### WORK ORDER
Could you transcribe each entry below exactly, minus the images?

···

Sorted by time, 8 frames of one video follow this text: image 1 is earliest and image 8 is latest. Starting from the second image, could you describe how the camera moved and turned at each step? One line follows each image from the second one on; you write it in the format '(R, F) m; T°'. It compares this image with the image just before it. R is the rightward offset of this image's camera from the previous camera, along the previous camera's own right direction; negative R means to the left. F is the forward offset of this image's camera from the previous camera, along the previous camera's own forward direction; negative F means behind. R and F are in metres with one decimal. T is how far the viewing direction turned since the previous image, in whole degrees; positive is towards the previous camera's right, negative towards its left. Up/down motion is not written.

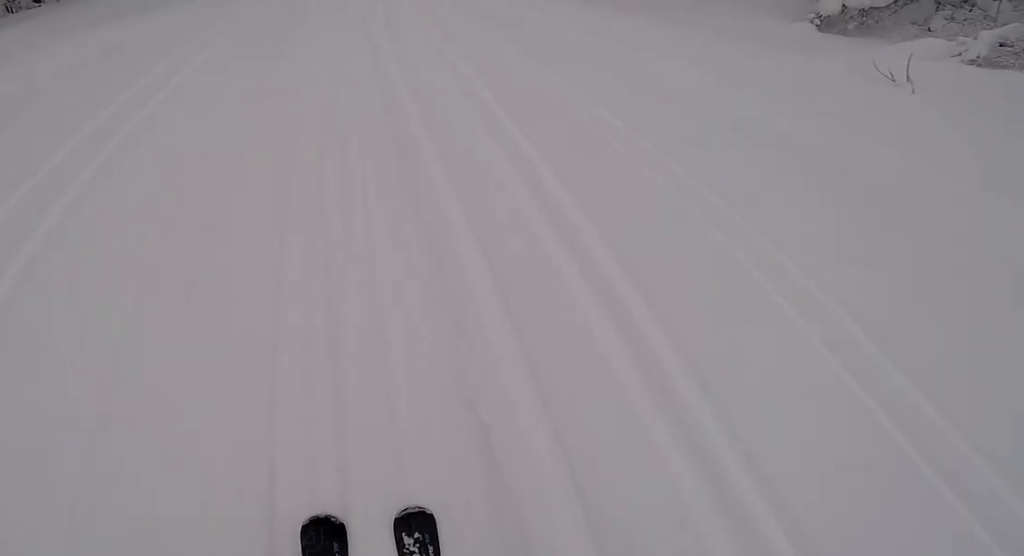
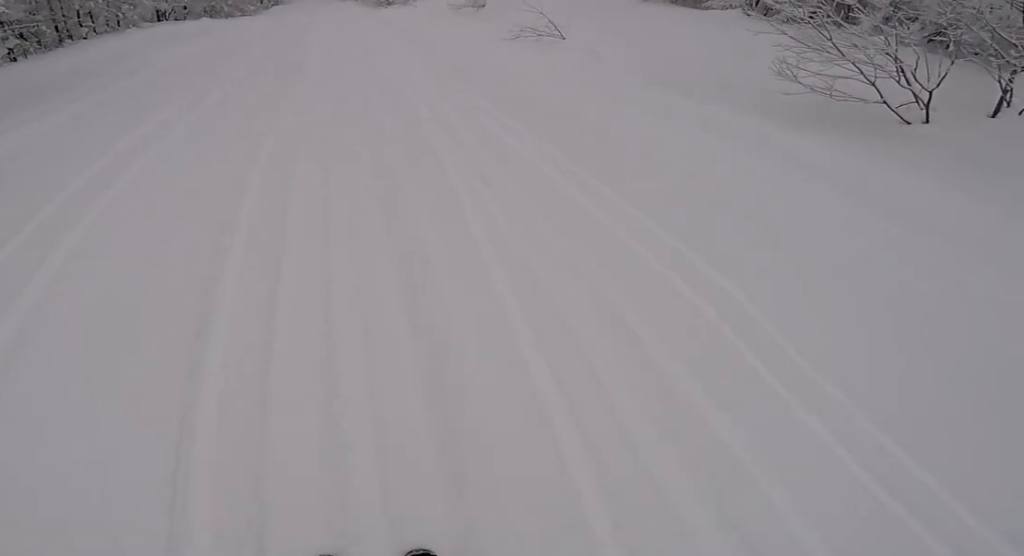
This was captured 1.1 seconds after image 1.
(0.0, +8.5) m; 0°
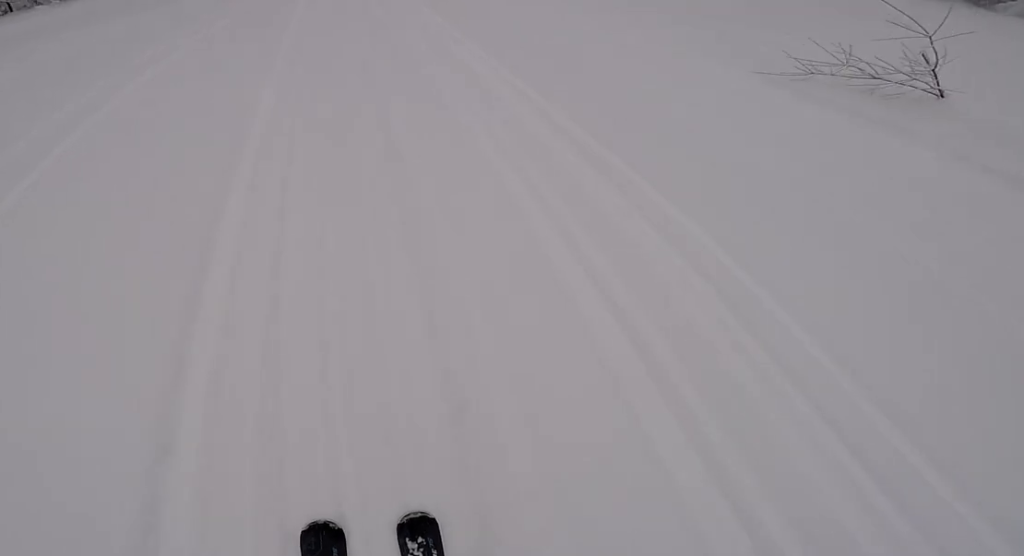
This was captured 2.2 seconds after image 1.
(0.0, +9.4) m; 0°
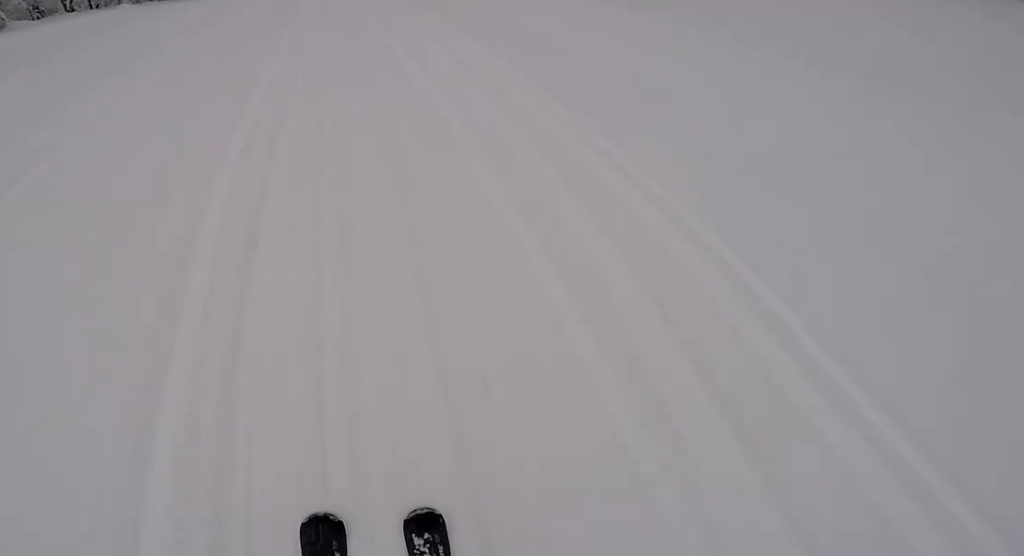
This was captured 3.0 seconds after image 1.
(0.0, +6.2) m; 0°
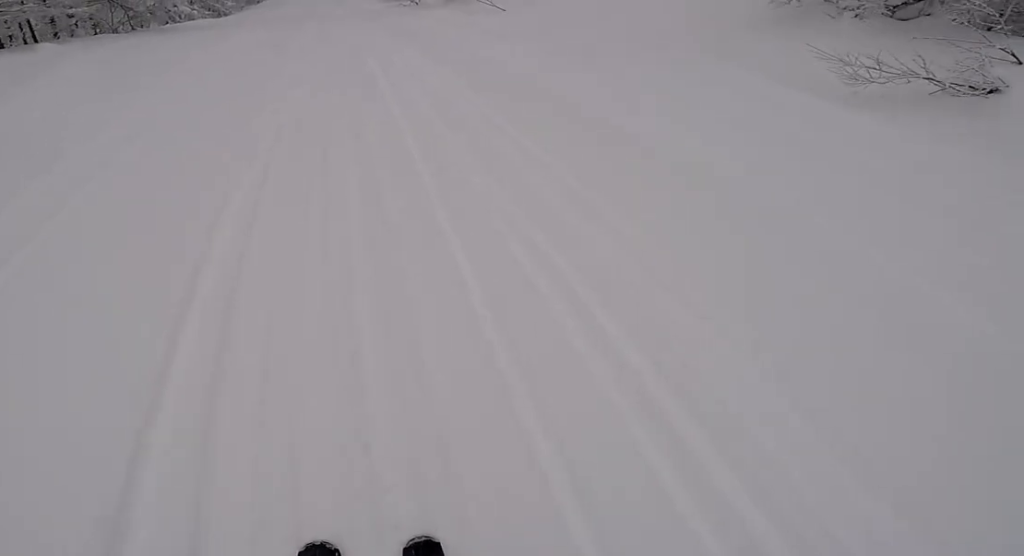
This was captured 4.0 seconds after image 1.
(0.0, +8.3) m; +3°
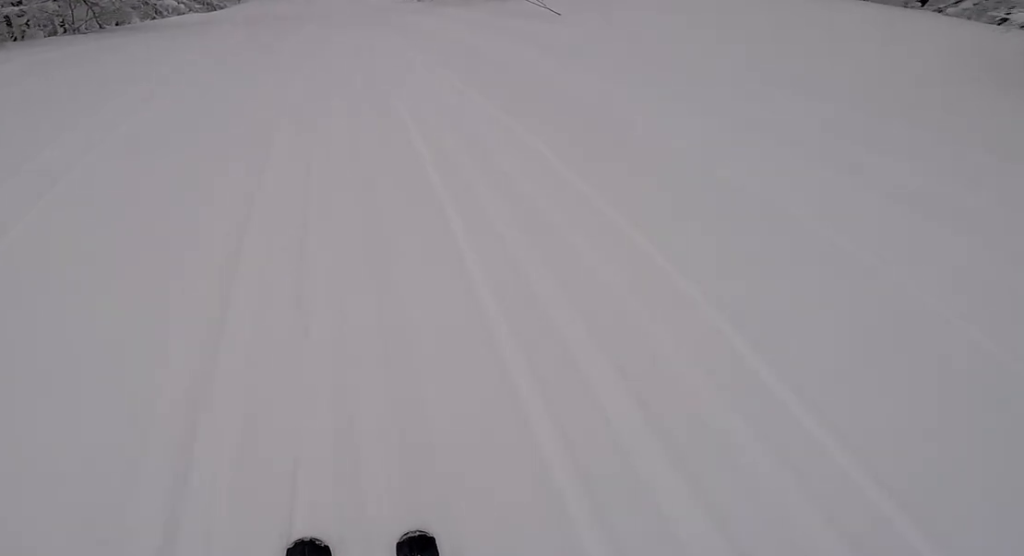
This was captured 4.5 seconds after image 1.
(-0.1, +4.8) m; +3°
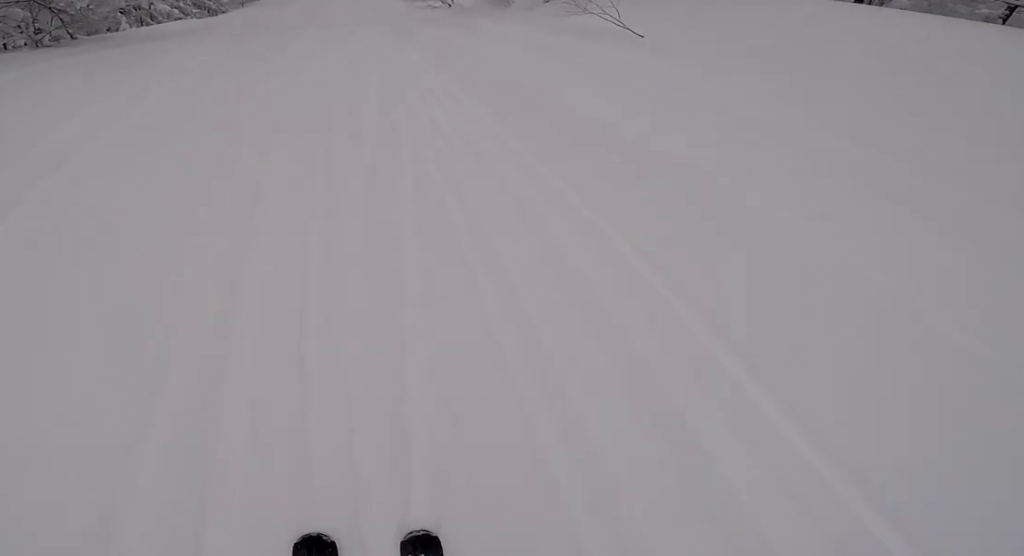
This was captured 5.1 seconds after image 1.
(+0.3, +4.9) m; 0°
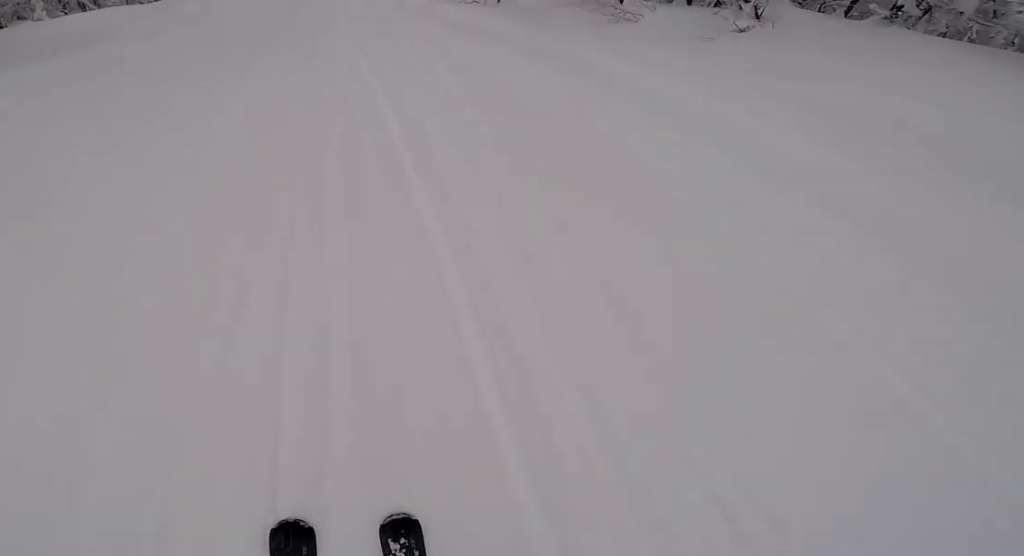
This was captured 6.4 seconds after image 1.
(-0.3, +11.3) m; -4°

···

### ANSWER BOX
Sorted by time, 8 frames of one video follow this text: image 1 is earliest and image 8 is latest. Starting from the second image, could you describe how the camera moved and turned at each step? One line follows each image from the second one on; you write it in the format '(R, F) m; T°'. It compares this image with the image just before it. R is the rightward offset of this image's camera from the previous camera, along the previous camera's own right direction; negative R means to the left. F is the forward offset of this image's camera from the previous camera, along the previous camera's own forward direction; negative F means behind. R and F are in metres with one decimal. T is how far the viewing direction turned since the previous image, in whole degrees; positive is towards the previous camera's right, negative towards its left. Up/down motion is not written.

This was captured 1.1 seconds after image 1.
(0.0, +8.5) m; 0°
This was captured 2.2 seconds after image 1.
(0.0, +9.4) m; 0°
This was captured 3.0 seconds after image 1.
(0.0, +6.2) m; 0°
This was captured 4.0 seconds after image 1.
(0.0, +8.3) m; +3°
This was captured 4.5 seconds after image 1.
(-0.1, +4.8) m; +3°
This was captured 5.1 seconds after image 1.
(+0.3, +4.9) m; 0°
This was captured 6.4 seconds after image 1.
(-0.3, +11.3) m; -4°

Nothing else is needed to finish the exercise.